Hence, we update `cgroups2::destroy` to wait after signalling a
SIGKILL for all the processes to drop before attempting to remove
the cgroups.
Since we wait a maximum of half a second, we don't want to block the
caller. Thus, we update `destroy` to be async.
---
src/linux/cgroups2.cpp | 71 +++++++++++++++-------
src/linux/cgroups2.hpp | 2 +-
.../mesos/isolators/cgroups2/cgroups2.cpp | 29 ++++++---
.../mesos/isolators/cgroups2/cgroups2.hpp | 2 +-
src/slave/containerizer/mesos/linux_launcher.cpp | 14 +----
src/tests/containerizer/cgroups2_tests.cpp | 4 +-
6 files changed, 79 insertions(+), 43 deletions(-)

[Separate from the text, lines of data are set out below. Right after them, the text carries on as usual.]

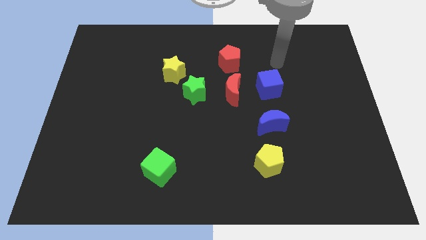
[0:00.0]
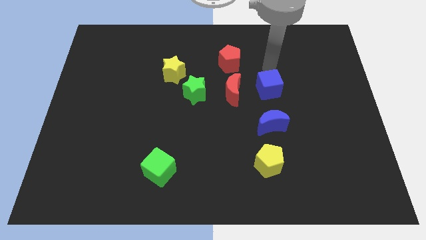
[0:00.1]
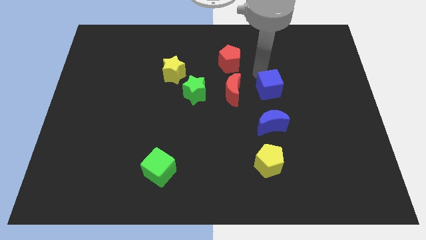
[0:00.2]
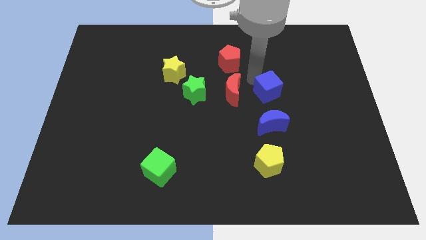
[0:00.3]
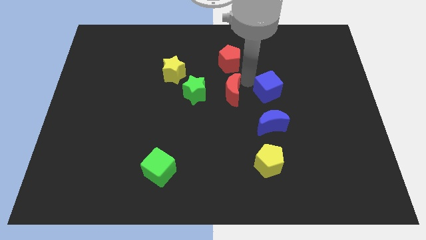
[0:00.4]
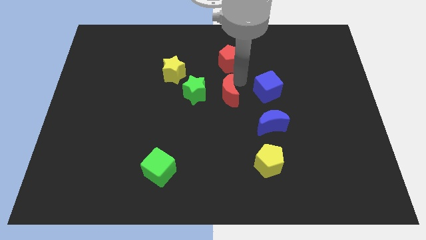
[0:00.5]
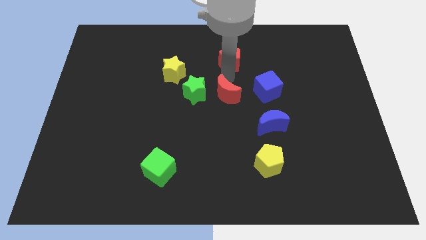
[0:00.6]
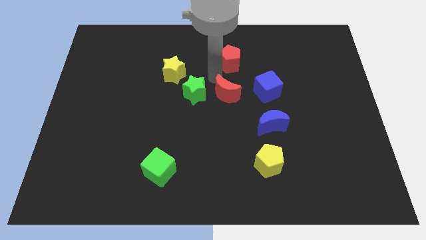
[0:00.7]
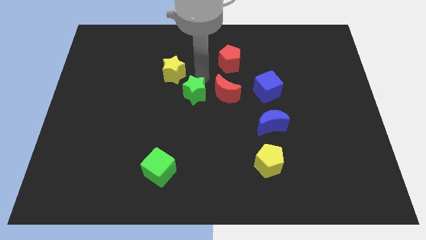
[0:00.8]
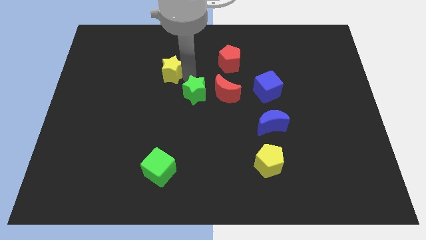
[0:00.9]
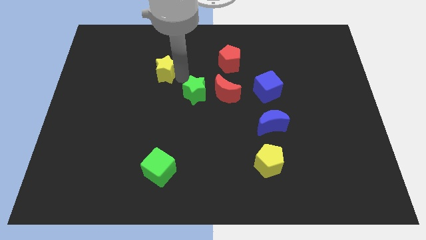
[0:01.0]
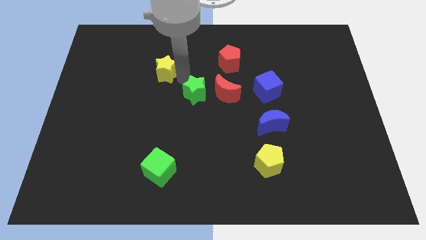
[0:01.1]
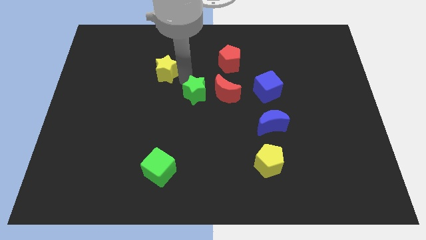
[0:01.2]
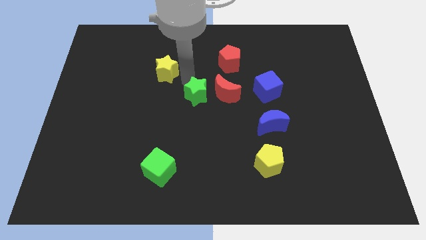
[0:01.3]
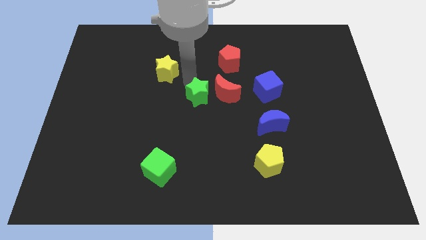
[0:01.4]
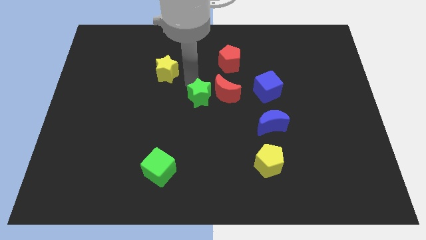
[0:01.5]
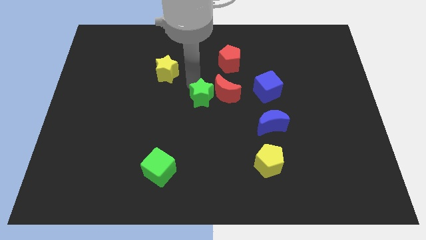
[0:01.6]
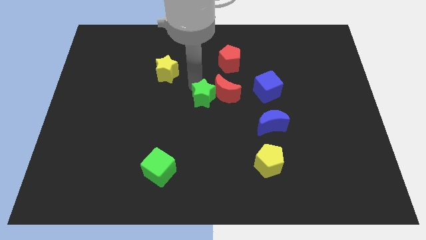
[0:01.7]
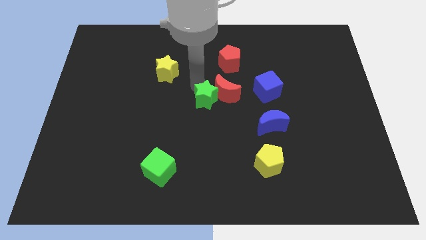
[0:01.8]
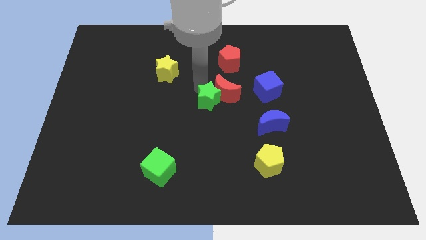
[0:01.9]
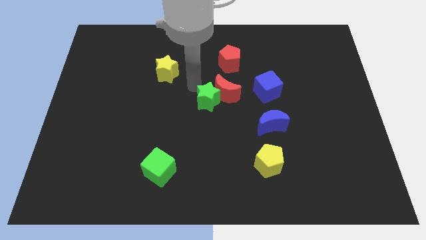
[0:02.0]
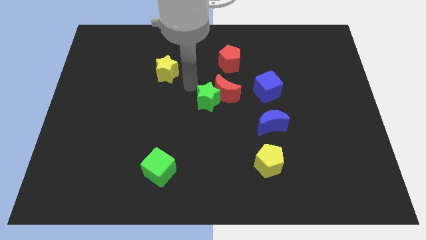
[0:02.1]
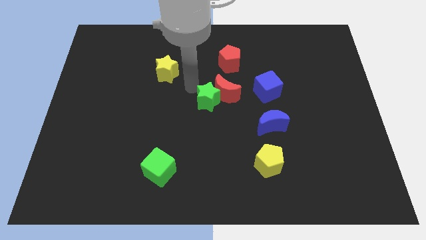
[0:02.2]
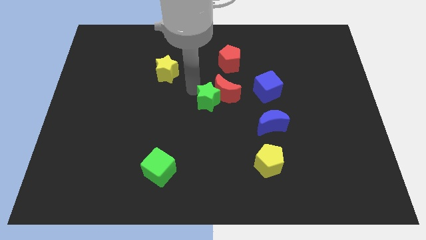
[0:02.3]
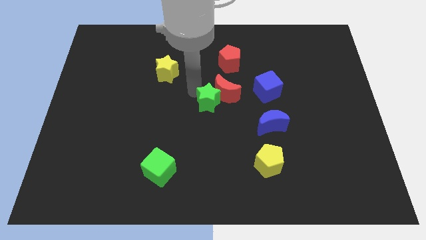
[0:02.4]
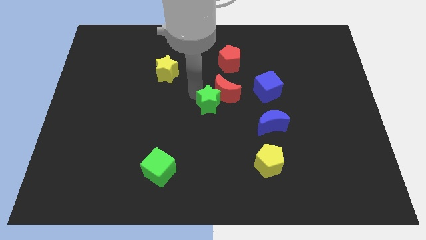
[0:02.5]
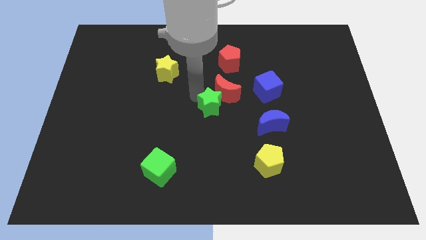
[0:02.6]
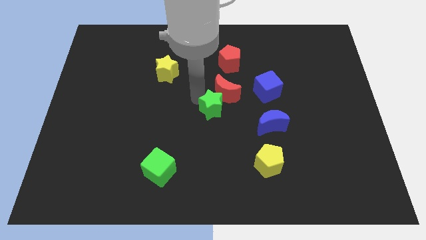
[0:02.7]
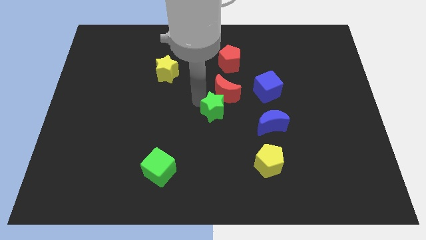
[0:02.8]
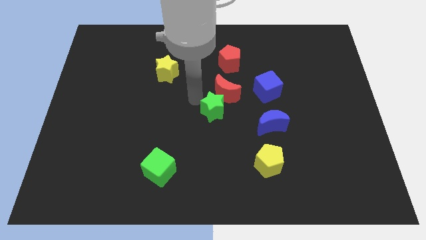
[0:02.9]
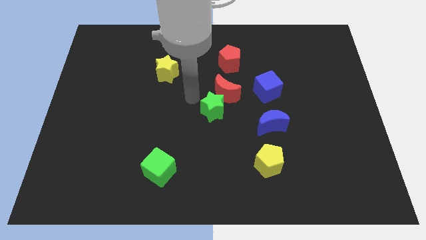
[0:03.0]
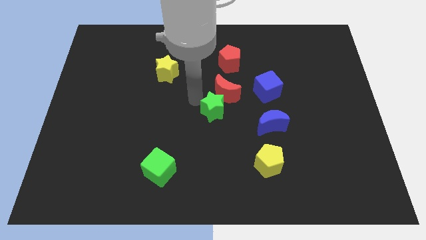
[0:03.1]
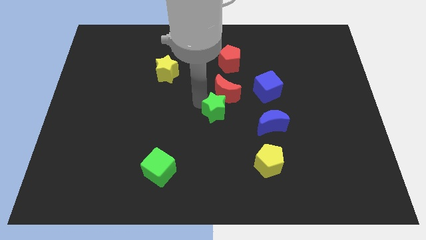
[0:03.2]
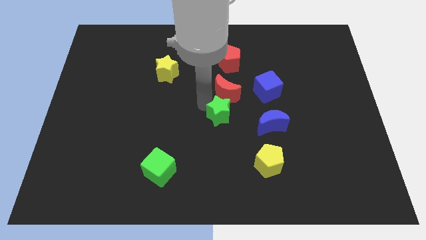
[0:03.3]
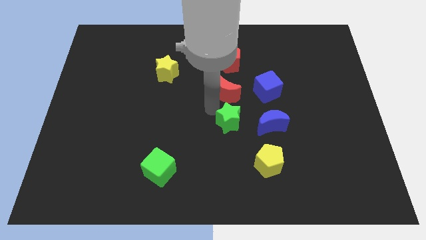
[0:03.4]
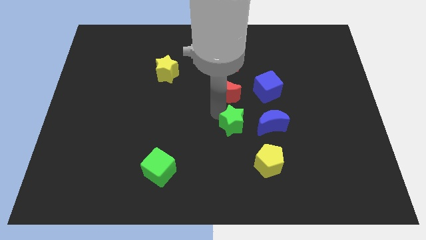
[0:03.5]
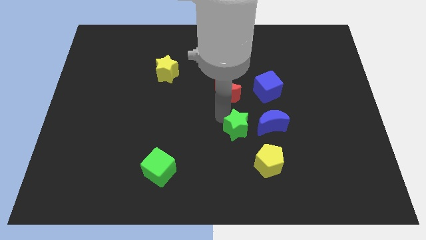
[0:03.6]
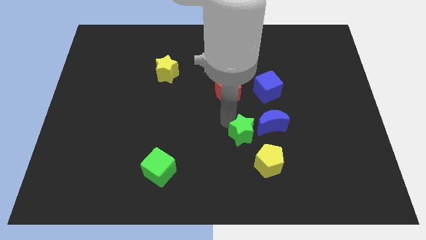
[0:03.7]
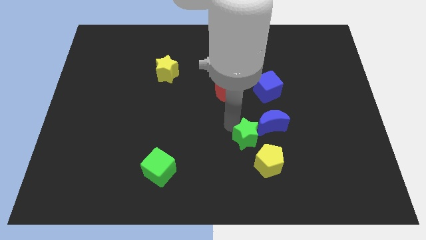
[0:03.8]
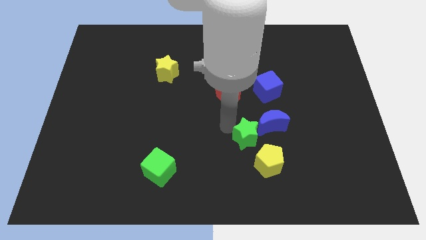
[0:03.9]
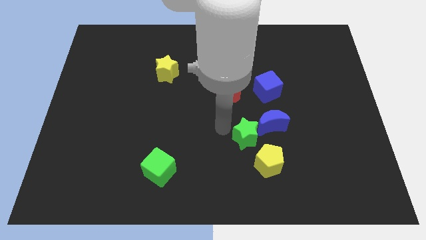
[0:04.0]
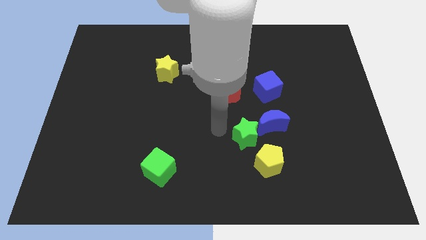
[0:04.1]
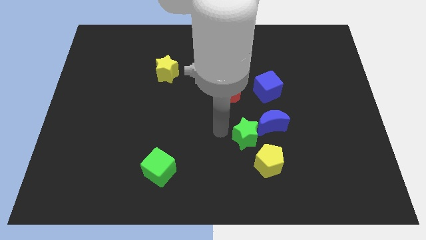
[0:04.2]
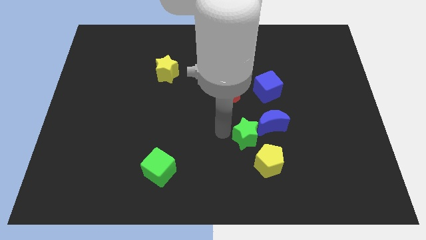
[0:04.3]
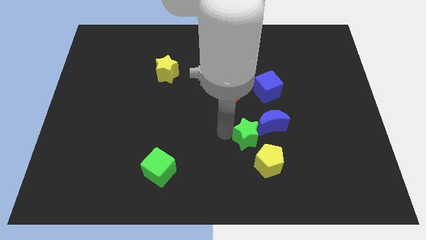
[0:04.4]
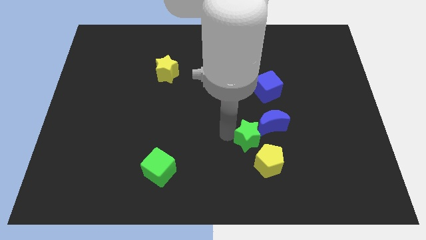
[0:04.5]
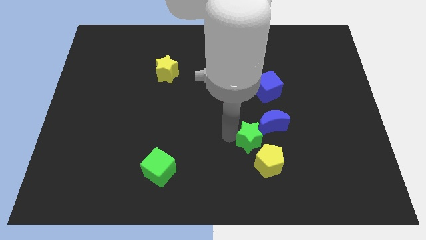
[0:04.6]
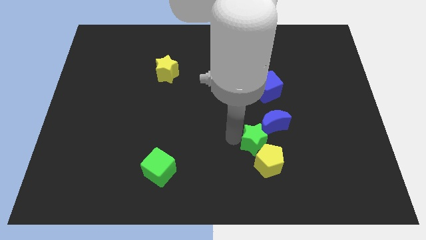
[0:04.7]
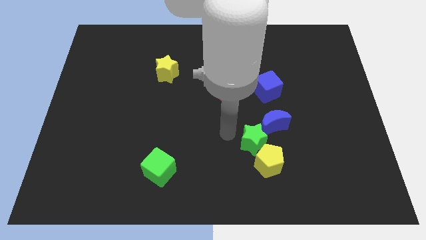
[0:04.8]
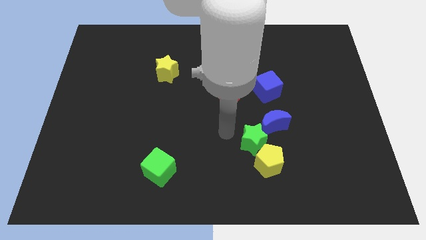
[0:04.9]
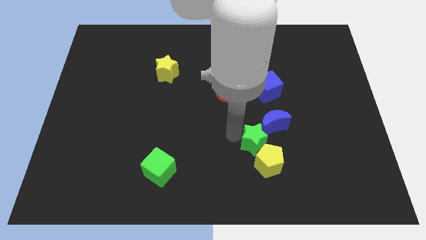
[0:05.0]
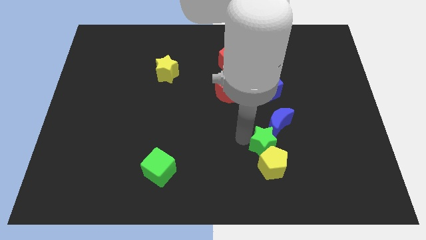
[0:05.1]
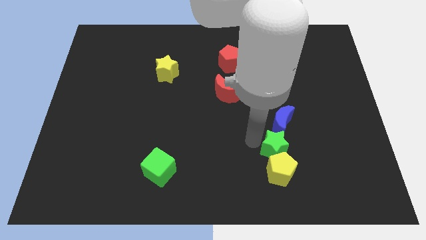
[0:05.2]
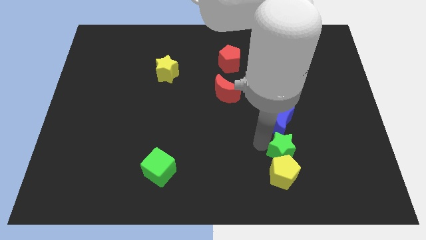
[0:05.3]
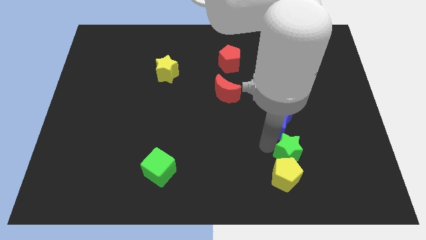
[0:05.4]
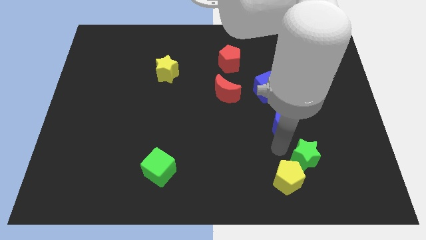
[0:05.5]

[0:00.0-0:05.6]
slide the green star right of the yellow pentagon

diff --git a/src/linux/cgroups2.cpp b/src/linux/cgroups2.cpp
index ad282695e..782c7c417 100644
--- a/src/linux/cgroups2.cpp
+++ b/src/linux/cgroups2.cpp
@@ -28,6 +28,7 @@
#include <process/loop.hpp>
#include <process/pid.hpp>
+#include <stout/adaptor.hpp>
#include <stout/none.hpp>
#include <stout/numify.hpp>
#include <stout/os.hpp>
@@ -381,41 +382,69 @@ Try<Nothing> kill(const std::string& cgroup)
}
-Try<Nothing> destroy(const string& cgroup)

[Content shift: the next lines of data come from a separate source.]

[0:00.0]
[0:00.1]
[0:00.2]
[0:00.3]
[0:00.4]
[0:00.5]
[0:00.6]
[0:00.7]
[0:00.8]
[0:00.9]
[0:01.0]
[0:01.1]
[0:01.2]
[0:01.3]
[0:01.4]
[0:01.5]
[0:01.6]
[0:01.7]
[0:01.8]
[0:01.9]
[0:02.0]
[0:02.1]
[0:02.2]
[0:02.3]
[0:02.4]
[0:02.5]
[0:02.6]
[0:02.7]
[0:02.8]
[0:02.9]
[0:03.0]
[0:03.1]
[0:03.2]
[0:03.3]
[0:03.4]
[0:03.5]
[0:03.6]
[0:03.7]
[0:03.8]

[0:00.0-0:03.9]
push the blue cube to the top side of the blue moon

+Future<Nothing> destroy(const string& cgroup)
{
if (!cgroups2::exists(cgroup)) {
- return Error("Cgroup '" + cgroup + "' does not exist");
+ return Failure("Cgroup '" + cgroup + "' does not exist");
}
// To destroy a subtree of cgroups we first kill all of the processes inside
// of the cgroup and then remove all of the cgroup directories, removing
// the most deeply nested directories first.
+
Try<Nothing> kill = cgroups2::kill(cgroup);
if (kill.isError()) {
- return Error("Failed to kill processes in cgroup: " + kill.error());
+ return Failure("Failed to kill processes in cgroup: " + kill.error());
}
- Try<set<string>> cgroups = cgroups2::get(cgroup);
- if (cgroups.isError()) {
- return Error("Failed to get nested cgroups: " + cgroups.error());
- }
+ // Wait until all of the processes have been killed.
+ int retries = 50;
+ Future<Nothing> emptied = loop(
+ []() { return process::after(Milliseconds(1)); },
+ [=](const Nothing&) mutable -> Future<ControlFlow<Nothing>> {
+ Try<set<pid_t>> pids = cgroups2::processes(cgroup, true);
+ if (pids.isError()) {
+ return Failure("Failed to fetch pids in cgroup: " + pids.error());
+ }
- vector<string> sorted(
- std::make_move_iterator(cgroups->begin()),
- std::make_move_iterator(cgroups->end()));
- sorted.push_back(cgroup);
- std::sort(sorted.rbegin(), sorted.rend());
+ if (pids->empty()) {
+ return Break();
+ }
- foreach (const string& cgroup, sorted) {
- const string path = cgroups2::path(cgroup);
- Try<Nothing> rmdir = os::rmdir(path, false);
- if (rmdir.isError()) {
- return Error(
- "Failed to remove directory '" + path + "': " + rmdir.error());
- }
- }
+ --retries;
+ if (retries == 0) {
+ return Failure("Processes were still found: " + stringify(*pids));
+ }
- return Nothing();
+ return Continue();
+ });
+
+ return emptied
+ .then([=]() -> Future<Nothing> {
+ Try<set<string>> cgroups = cgroups2::get(cgroup);
+ if (cgroups.isError()) {
+ return Failure("Failed to get nested cgroups: " + cgroups.error());
+ }
+
+ cgroups->insert(cgroup);
+
+ // Remove the cgroups in bottom-up order.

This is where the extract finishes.